Section 92 of the Act increased the maximum limit from Rs. 500 to Rs. 2000, and section 94 increased the enhanced penalty from Rs. 1000 to Rs. 5000. Section 94 also included a provision for a minimum fine in the event of a fatal accident or significant bodily harm (Rs. 1000 for death and Rs. 500 for serious physical harm; in the case of an aggravated sentence, these values were quadrupled). Section 36A was amended to include the use of portable electric lights, Section 40A for building maintenance, Section 40B for Safety Officers, Sections 62(1-A) and 73(1-A) for more particulars in muster roll, Section 88A for notice of dangerous occurrences, and Section 91A for safety and health surveys.
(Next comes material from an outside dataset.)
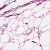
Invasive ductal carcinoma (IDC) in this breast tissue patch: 0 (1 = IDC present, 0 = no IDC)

The Factories Amendment Act,1987

The Bhopal gas catastrophe raised worldwide safety awareness and prompted the Indian government to implement stricter standards to guarantee the health and safety of workers. As a result, the state and federal governments enacted new environmental protection laws (i.e. Environmental (Protection) Act, 1986). In addition, the government made essential revisions to the existing factories (amendment) act of 1986, adding a new chapter IV A on hazardous procedures and harsh fines and imprisonments for violations.

The Factories Amendment Act,2014

On August 7, 2014, the Factories (Amendment) Bill, 2014 was introduced in Lok Sabha. It intends to alter the Factories Act of 1948. The Act’s goal is to guarantee proper safety measures while also promoting the health and wellbeing of factory workers. According to the Statement of Objects and Reasons, the amendments proposed in the Bill are based on changes in manufacturing practices and technologies, ratification of ILO conventions, judicial decisions, recommendations of various Committees, and decisions made at Factories Chief Inspectors Conferences. 

The Factories Amendment Act,2016

On August 10, 2016, the Minister for Labour and Employment, Mr. Bandaru Dattatreya, proposed the Factories (Amendment) Bill, 2016. The Factories Act of 1948 is amended by the Bill. The Act governs manufacturing workers’ safety, health, and well-being. The Bill modifies provisions concerning overtime hours of labor. The Act allows the state government to make regulations on a variety of issues, and the bill gives the national government the same authority. The Act empowers the state government to enact laws governing overtime hours of labor. However, the total number of hours of overtime for a quarter cannot exceed 50. This restriction is increased to 100 hours under the Bill. The federal government may also impose rules in this regard, among other modifications.


The Factories Act is crucial in the industrial sector since it provides a wide range of advantages to the factory and industry workers. It improved their working conditions, health, safety, and wellbeing. Workers are regarded as the backbone of our Indian economy, and the government made critical changes to improve their living circumstances. Furthermore, the Act made employees aware of different measures designed to protect their interests and compelled employers who act in bad faith to be aware of their legal obligations.